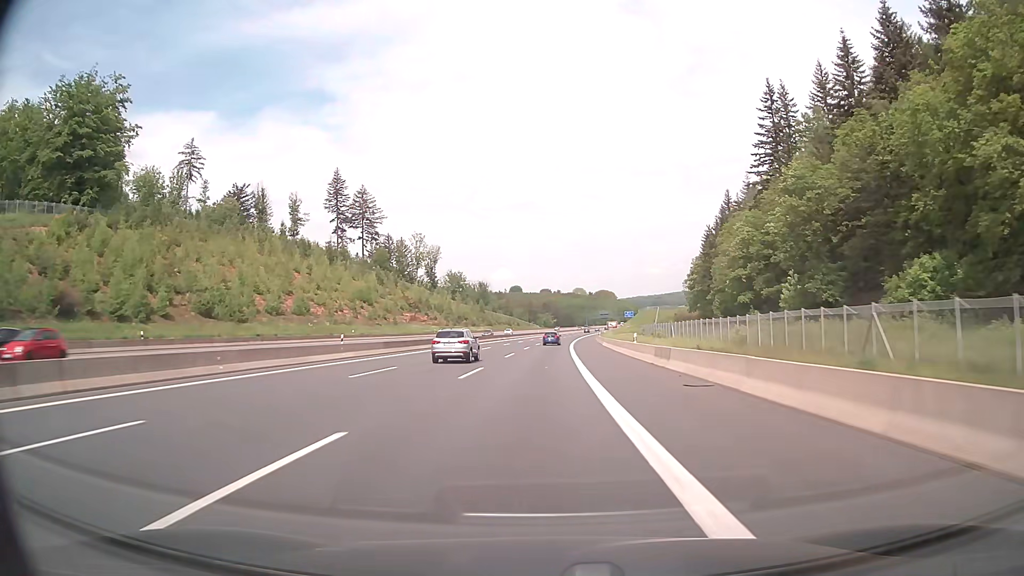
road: motorway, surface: asphalt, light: Day
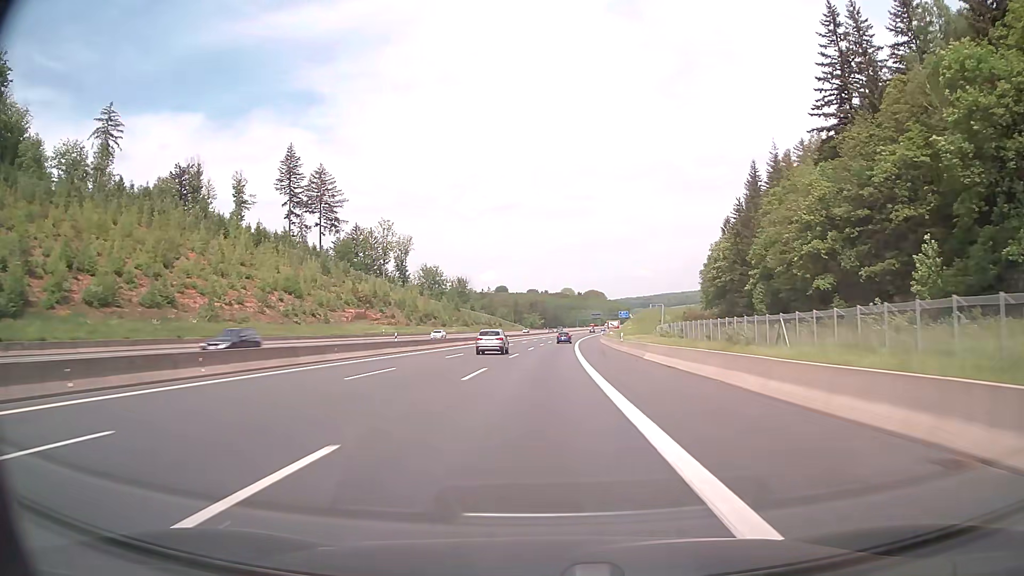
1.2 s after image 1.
(+0.3, +36.7) m; +1°
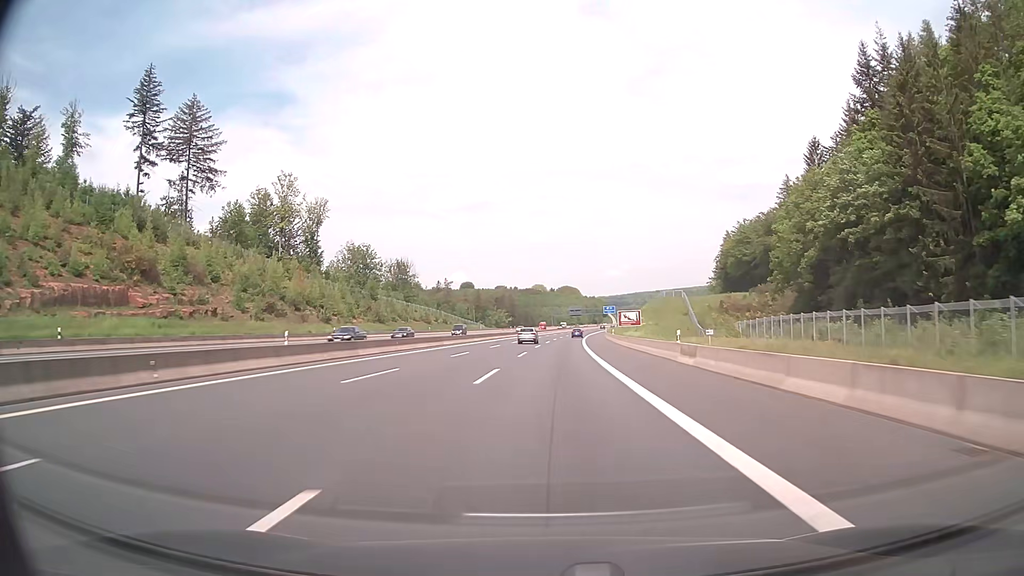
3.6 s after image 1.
(+1.6, +73.4) m; +2°
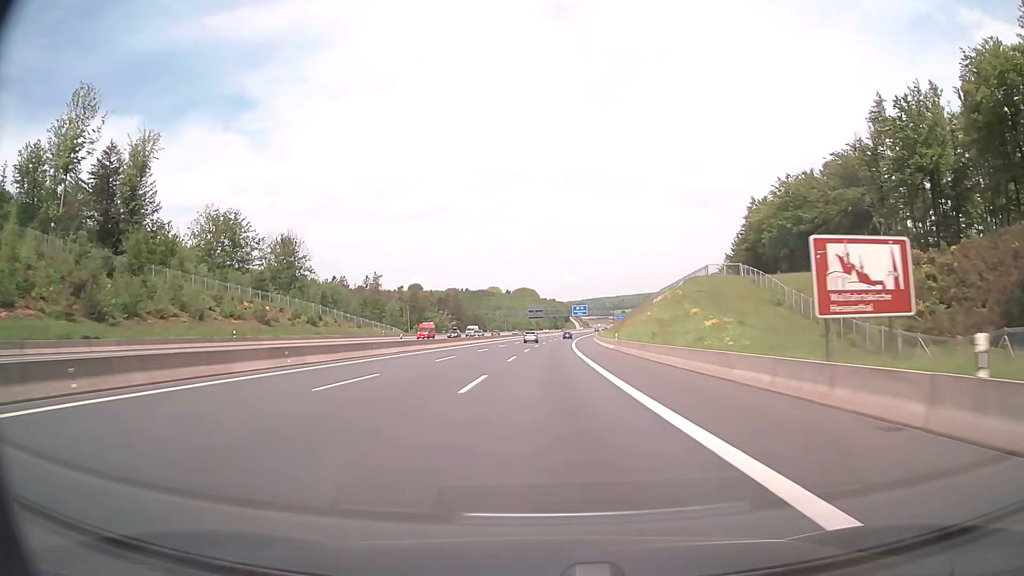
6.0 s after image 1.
(+2.1, +72.0) m; +3°
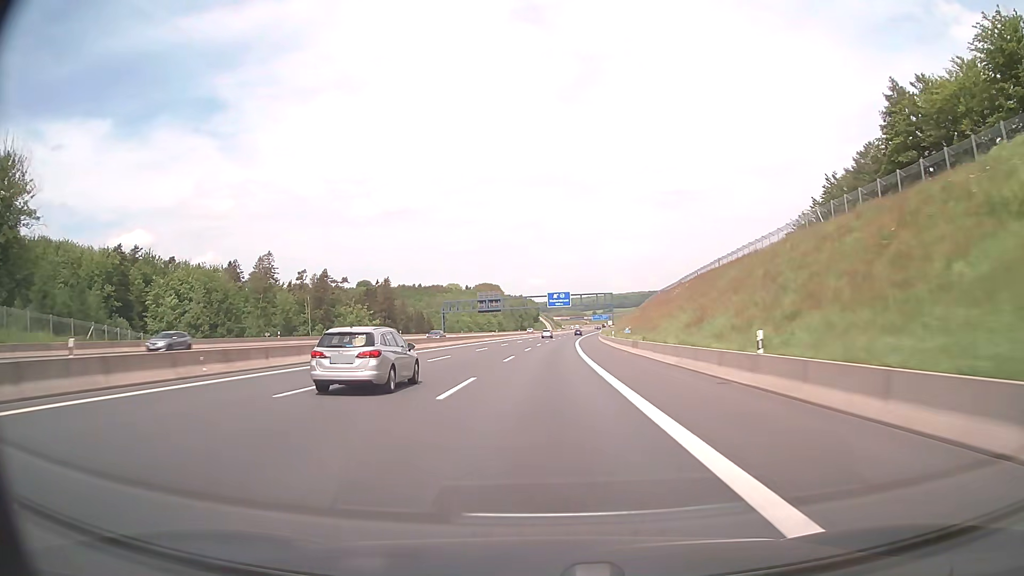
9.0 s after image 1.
(+2.5, +90.6) m; +3°
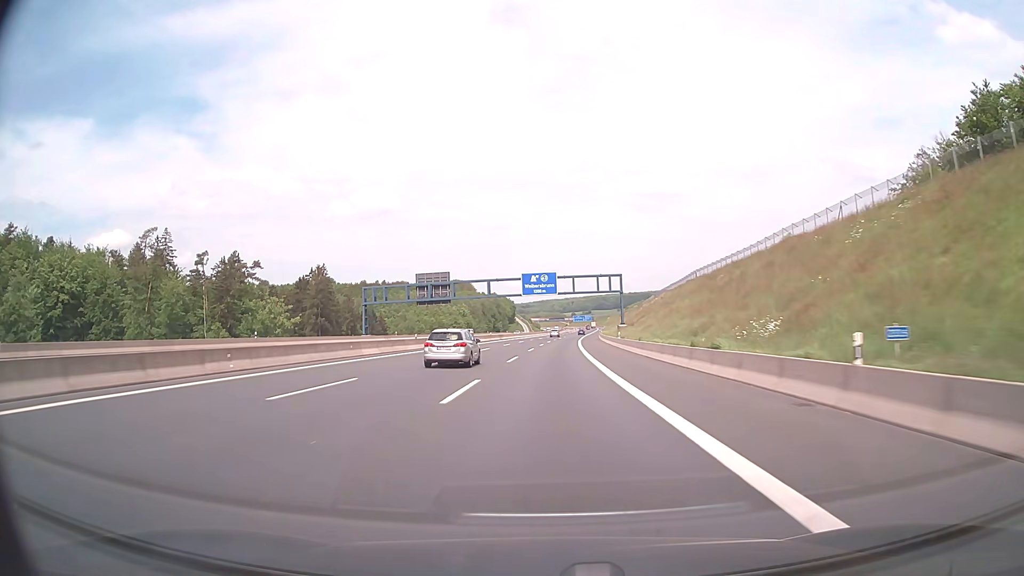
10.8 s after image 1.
(+0.7, +54.2) m; +2°
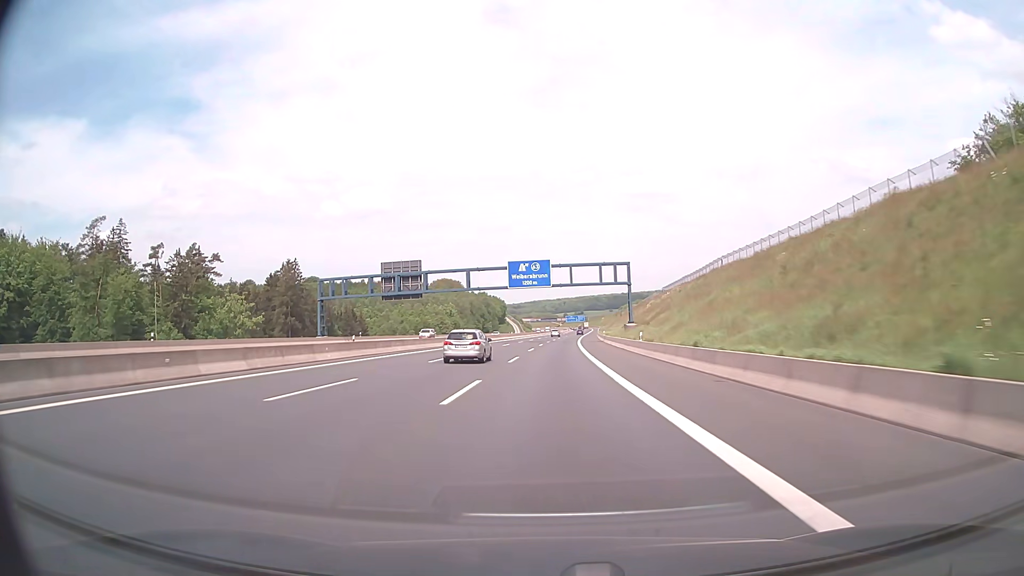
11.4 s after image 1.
(+0.1, +18.0) m; +1°
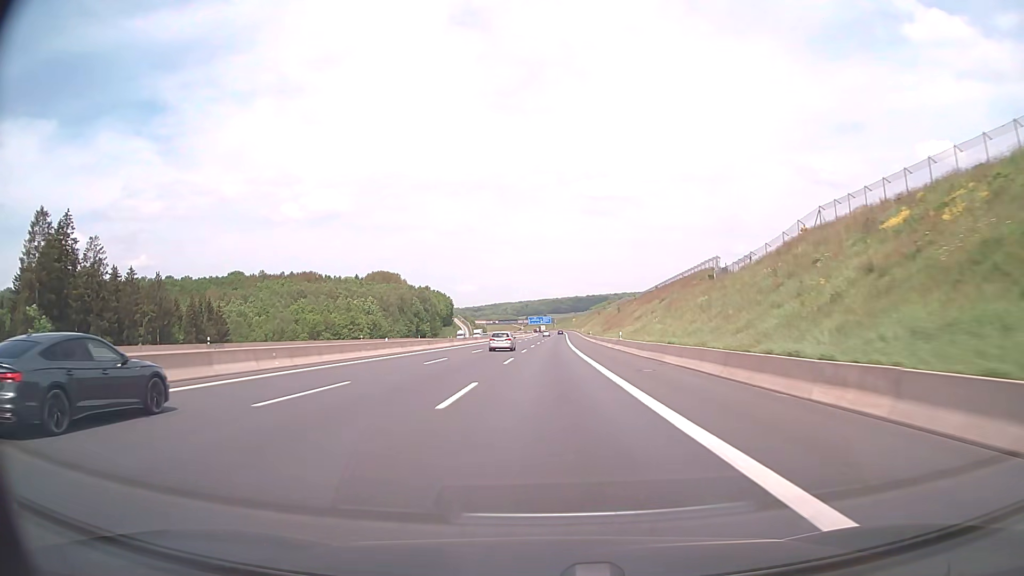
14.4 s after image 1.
(+2.6, +89.4) m; +3°
(0, +10) (0, +20) (0, +30) (0, +40) (+1, +50) (+1, +60) (+1, +70) (+2, +80) (+2, +90) (+2, +100) m
####################
### TASK ITEM
Every entry above is to be repeated word for word, with all pictures omitted.

### REPLY TO THE TASK
road: motorway, surface: asphalt, light: Day
1.2 s after image 1.
(+0.3, +36.7) m; +1°
3.6 s after image 1.
(+1.6, +73.4) m; +2°
6.0 s after image 1.
(+2.1, +72.0) m; +3°
9.0 s after image 1.
(+2.5, +90.6) m; +3°
10.8 s after image 1.
(+0.7, +54.2) m; +2°
11.4 s after image 1.
(+0.1, +18.0) m; +1°
14.4 s after image 1.
(+2.6, +89.4) m; +3°
(0, +10) (0, +20) (0, +30) (0, +40) (+1, +50) (+1, +60) (+1, +70) (+2, +80) (+2, +90) (+2, +100) m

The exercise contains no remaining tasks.